Assignment:
Once you reach the line with "From image 1, 1.2 s have elapsed.", copy it and every line after it exactly, up to the end of the data. Omit the pictures.

Extracted data entries:
↓↓↓
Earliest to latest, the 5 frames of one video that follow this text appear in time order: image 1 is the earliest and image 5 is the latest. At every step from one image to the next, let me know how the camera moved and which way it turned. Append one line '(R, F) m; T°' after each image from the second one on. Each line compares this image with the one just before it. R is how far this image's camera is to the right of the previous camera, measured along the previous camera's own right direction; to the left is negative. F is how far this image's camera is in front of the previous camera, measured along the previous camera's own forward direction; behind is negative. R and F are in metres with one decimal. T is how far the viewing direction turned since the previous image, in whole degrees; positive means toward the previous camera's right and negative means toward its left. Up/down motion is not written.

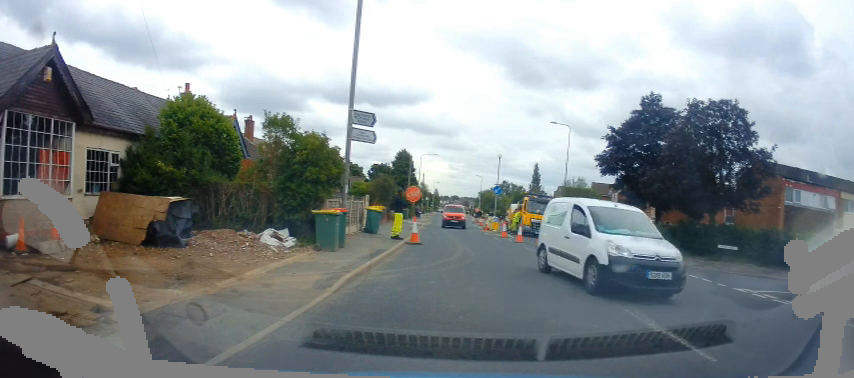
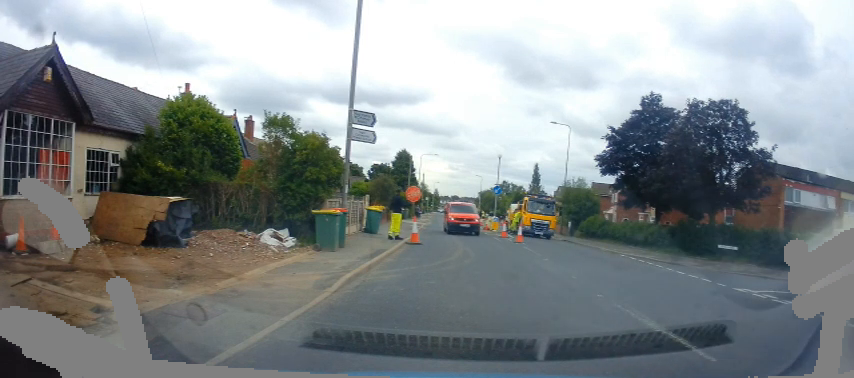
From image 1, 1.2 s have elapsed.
(0.0, 0.0) m; 0°
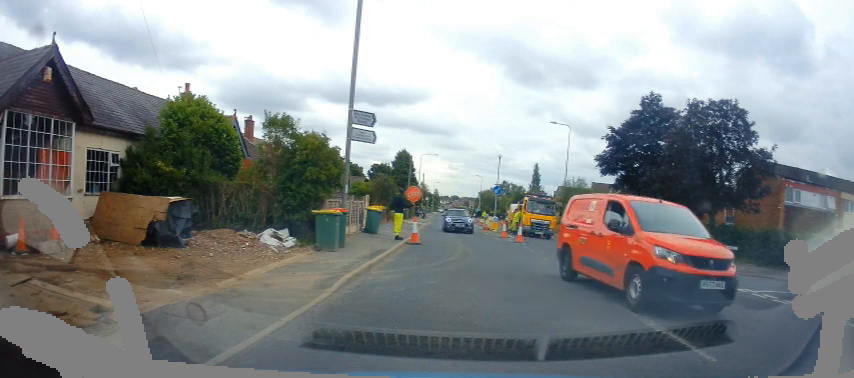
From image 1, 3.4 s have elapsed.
(0.0, 0.0) m; 0°
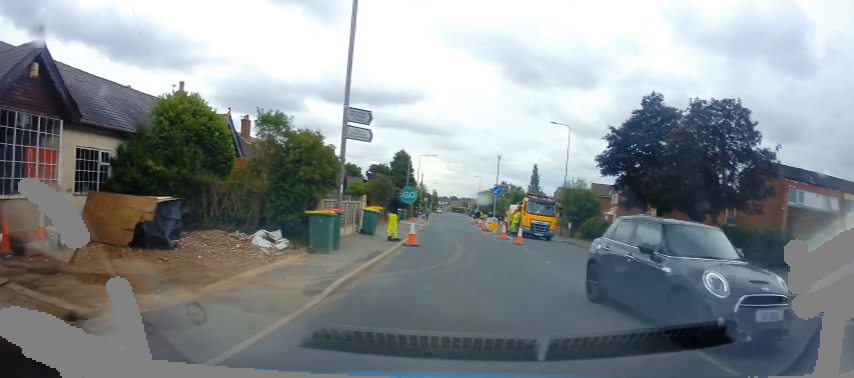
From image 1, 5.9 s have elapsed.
(+0.1, +0.7) m; +1°
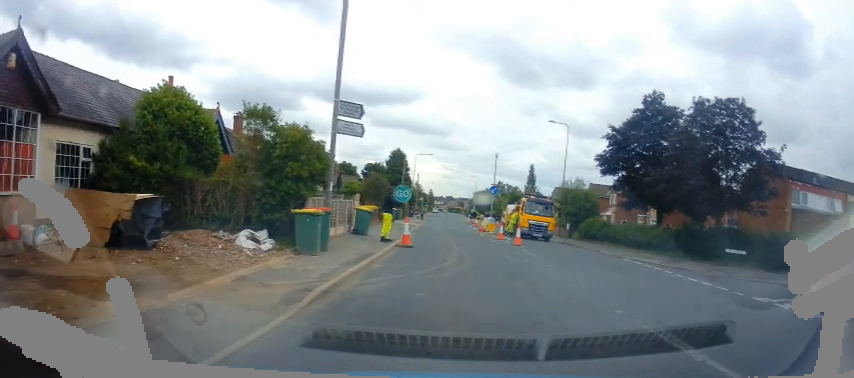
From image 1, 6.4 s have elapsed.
(-0.1, +0.9) m; +5°
↑↑↑
Solution below:
From image 1, 1.2 s have elapsed.
(0.0, 0.0) m; 0°
From image 1, 3.4 s have elapsed.
(0.0, 0.0) m; 0°
From image 1, 5.9 s have elapsed.
(+0.1, +0.7) m; +1°
From image 1, 6.4 s have elapsed.
(-0.1, +0.9) m; +5°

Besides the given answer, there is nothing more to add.